** What you have to do **
All the lines below need to be transcribed exactly. Pictures get left out.
※ ※ ※
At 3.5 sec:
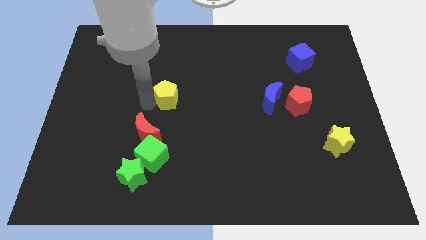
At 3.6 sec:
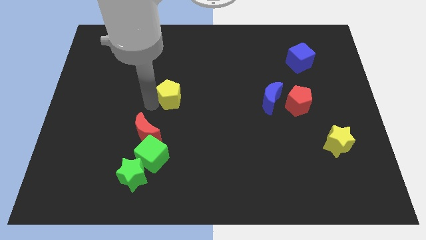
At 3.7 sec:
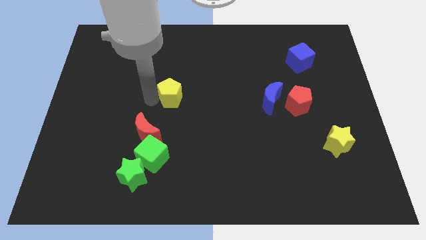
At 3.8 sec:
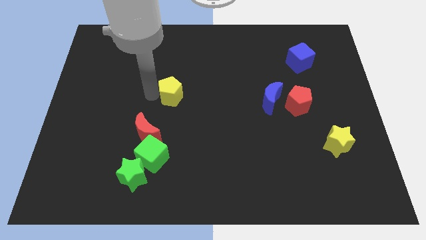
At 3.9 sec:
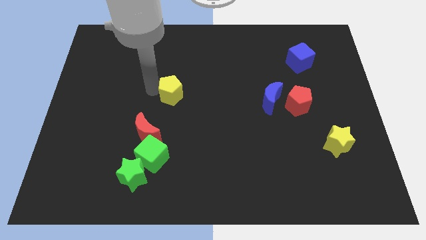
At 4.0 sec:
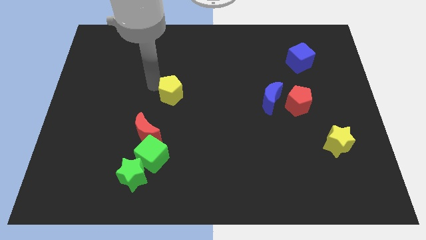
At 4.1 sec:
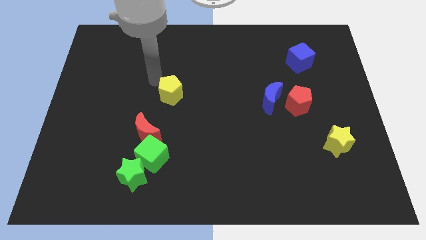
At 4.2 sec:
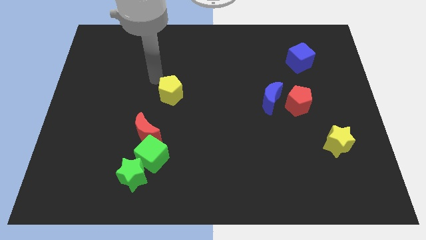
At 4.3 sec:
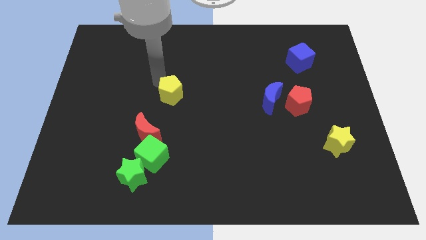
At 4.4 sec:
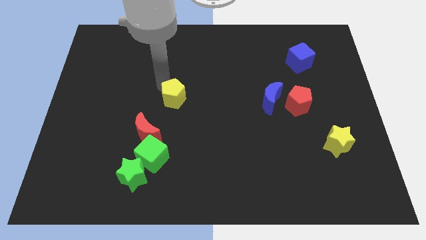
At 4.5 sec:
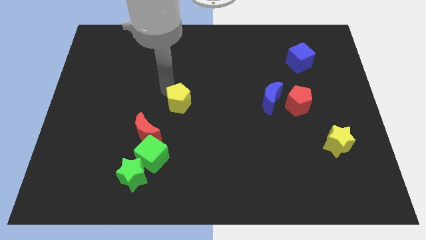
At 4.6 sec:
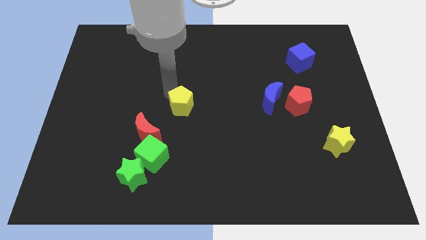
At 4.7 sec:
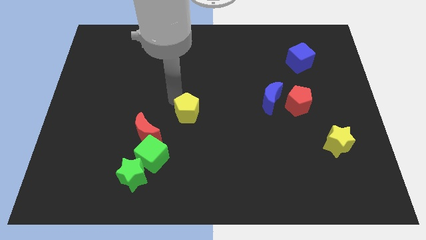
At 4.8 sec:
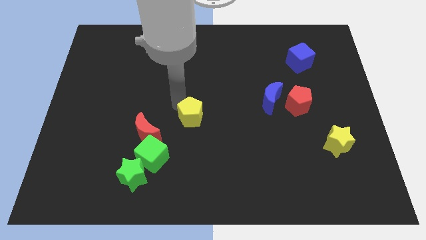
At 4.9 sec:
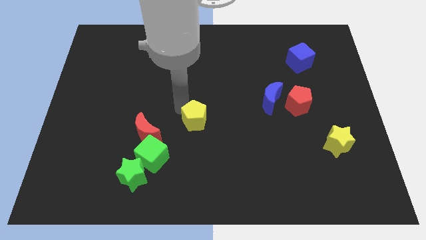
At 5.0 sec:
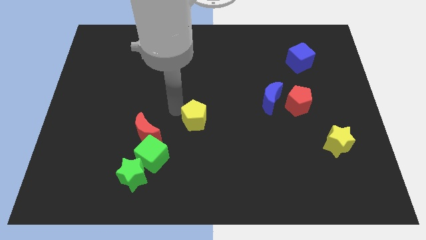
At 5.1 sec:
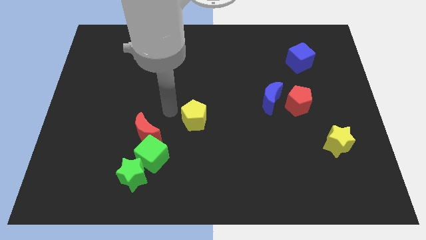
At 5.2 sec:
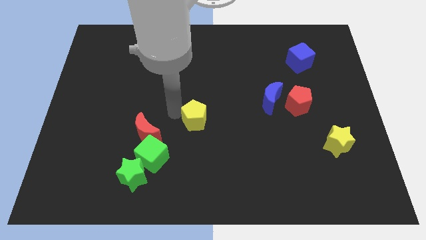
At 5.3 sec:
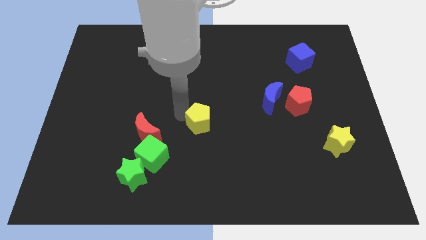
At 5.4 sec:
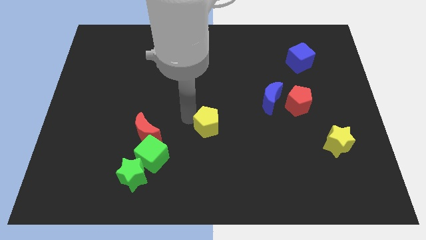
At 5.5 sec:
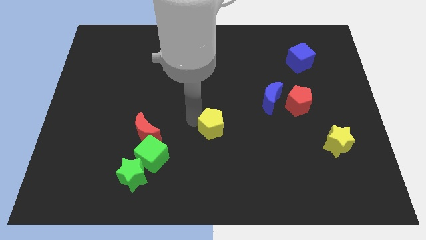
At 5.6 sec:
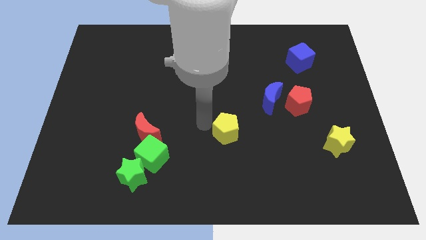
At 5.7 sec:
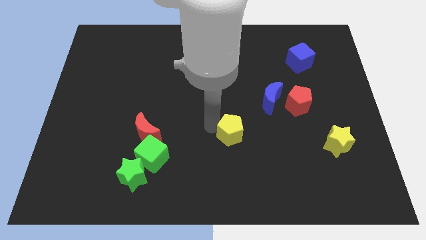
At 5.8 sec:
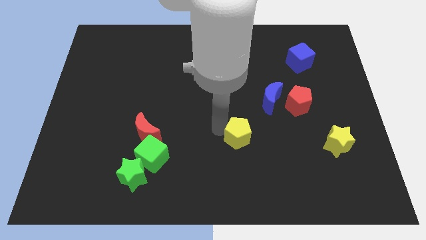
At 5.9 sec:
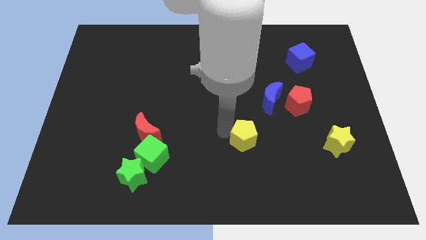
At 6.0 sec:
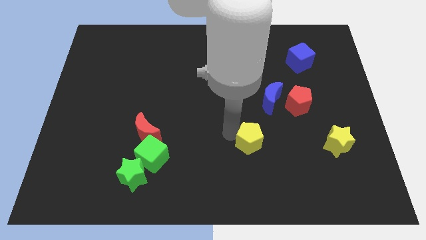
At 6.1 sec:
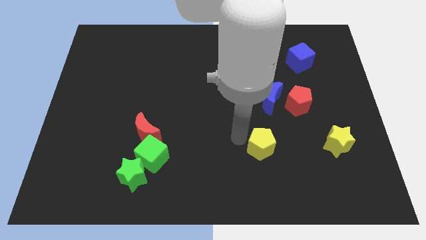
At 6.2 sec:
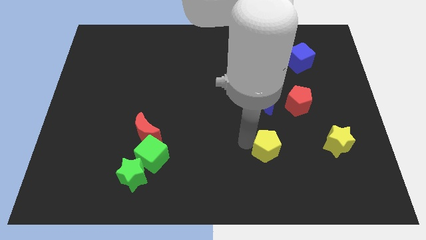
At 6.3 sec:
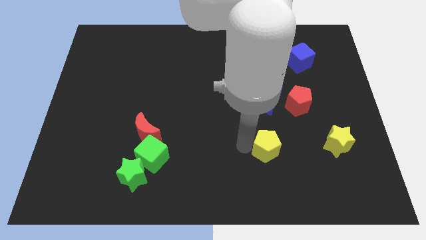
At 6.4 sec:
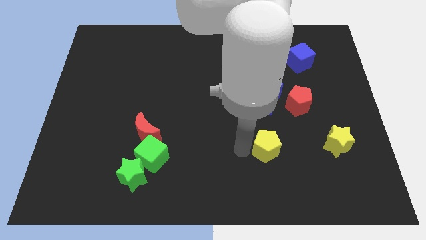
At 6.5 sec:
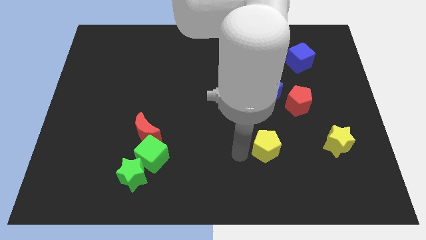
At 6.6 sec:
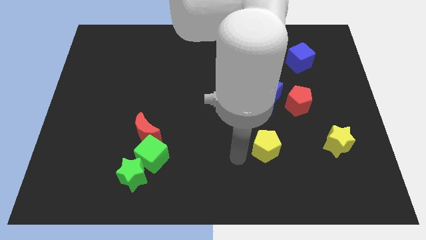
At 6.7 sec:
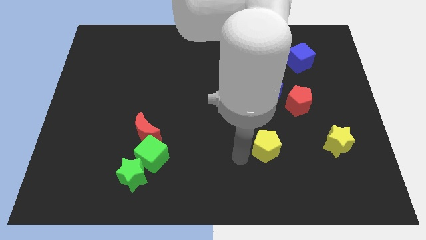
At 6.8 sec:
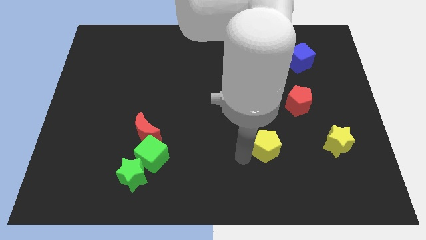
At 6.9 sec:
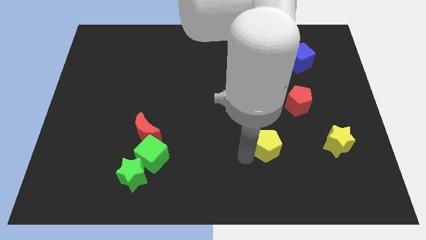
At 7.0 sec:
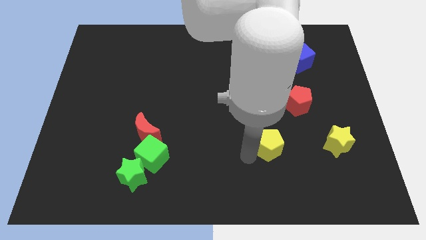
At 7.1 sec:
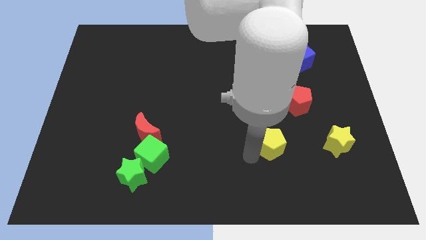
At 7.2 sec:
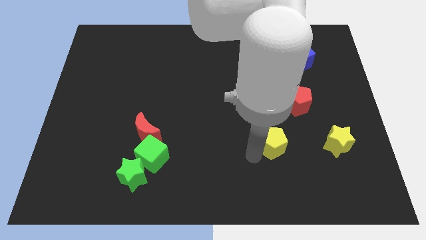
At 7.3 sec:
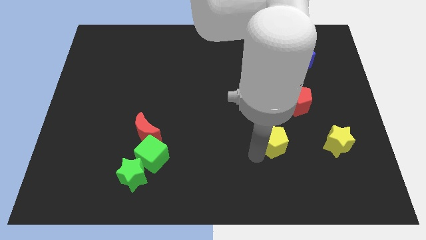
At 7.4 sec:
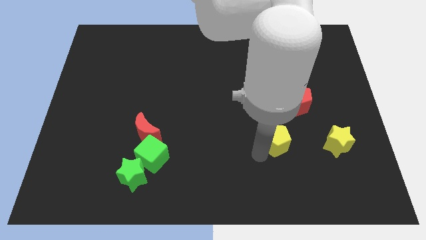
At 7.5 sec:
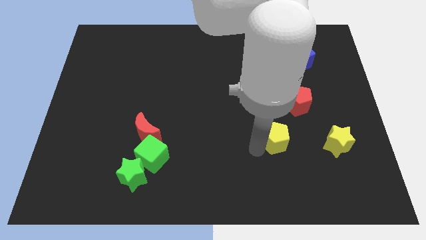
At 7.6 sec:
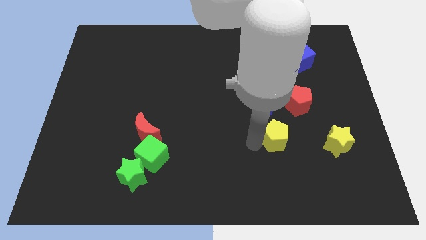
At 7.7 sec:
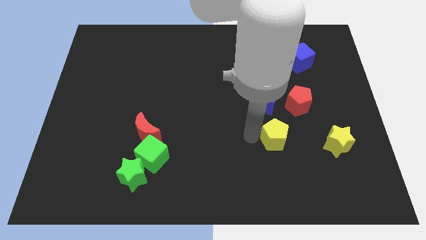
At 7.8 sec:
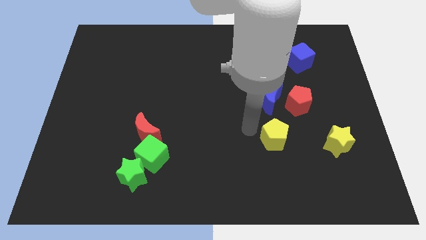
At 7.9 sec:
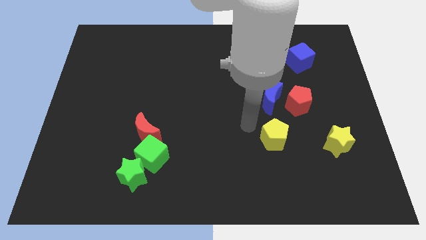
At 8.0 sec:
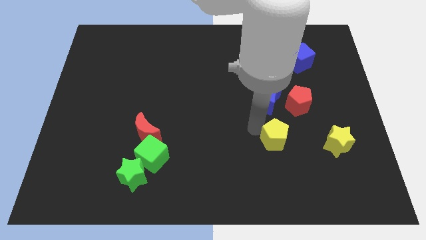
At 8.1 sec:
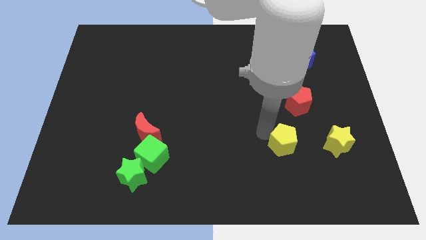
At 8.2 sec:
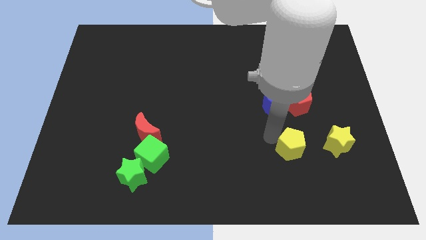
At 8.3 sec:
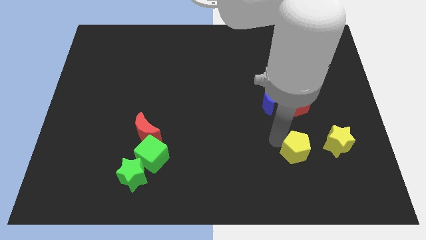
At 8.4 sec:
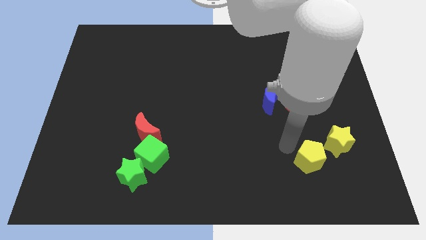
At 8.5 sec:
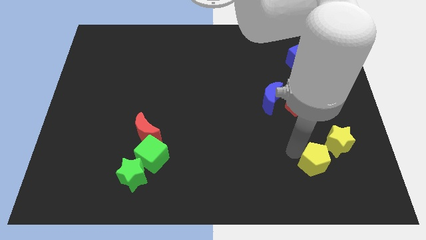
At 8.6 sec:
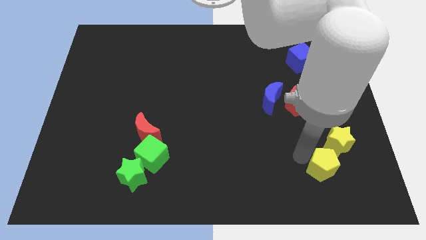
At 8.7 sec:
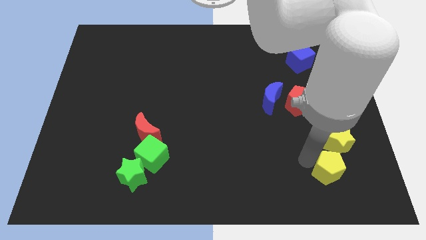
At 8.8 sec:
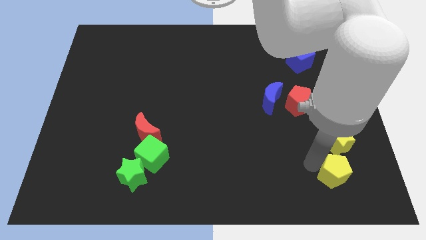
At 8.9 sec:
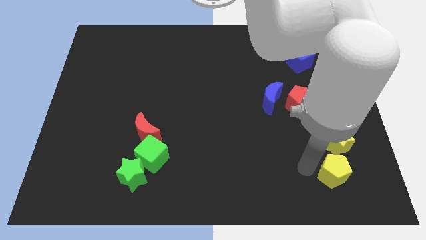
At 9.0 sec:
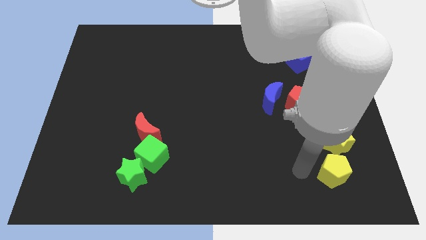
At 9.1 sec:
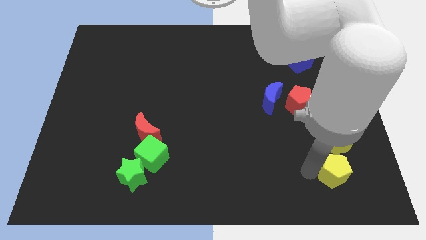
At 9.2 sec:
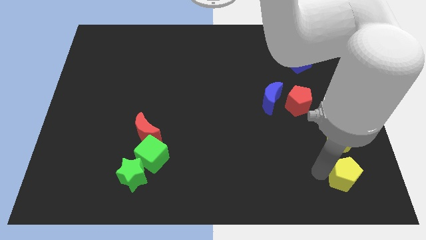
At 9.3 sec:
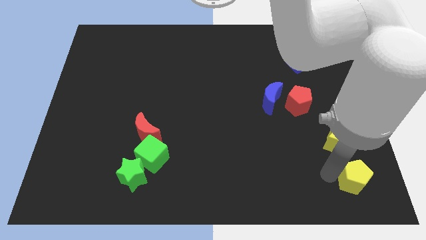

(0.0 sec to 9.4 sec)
※ ※ ※
** Solution to this problem **
At 3.5 sec:
At 3.6 sec:
At 3.7 sec:
At 3.8 sec:
At 3.9 sec:
At 4.0 sec:
At 4.1 sec:
At 4.2 sec:
At 4.3 sec:
At 4.4 sec:
At 4.5 sec:
At 4.6 sec:
At 4.7 sec:
At 4.8 sec:
At 4.9 sec:
At 5.0 sec:
At 5.1 sec:
At 5.2 sec:
At 5.3 sec:
At 5.4 sec:
At 5.5 sec:
At 5.6 sec:
At 5.7 sec:
At 5.8 sec:
At 5.9 sec:
At 6.0 sec:
At 6.1 sec:
At 6.2 sec:
At 6.3 sec:
At 6.4 sec:
At 6.5 sec:
At 6.6 sec:
At 6.7 sec:
At 6.8 sec:
At 6.9 sec:
At 7.0 sec:
At 7.1 sec:
At 7.2 sec:
At 7.3 sec:
At 7.4 sec:
At 7.5 sec:
At 7.6 sec:
At 7.7 sec:
At 7.8 sec:
At 7.9 sec:
At 8.0 sec:
At 8.1 sec:
At 8.2 sec:
At 8.3 sec:
At 8.4 sec:
At 8.5 sec:
At 8.6 sec:
At 8.7 sec:
At 8.8 sec:
At 8.9 sec:
At 9.0 sec:
At 9.1 sec:
At 9.2 sec:
At 9.3 sec:

(0.0 sec to 9.4 sec)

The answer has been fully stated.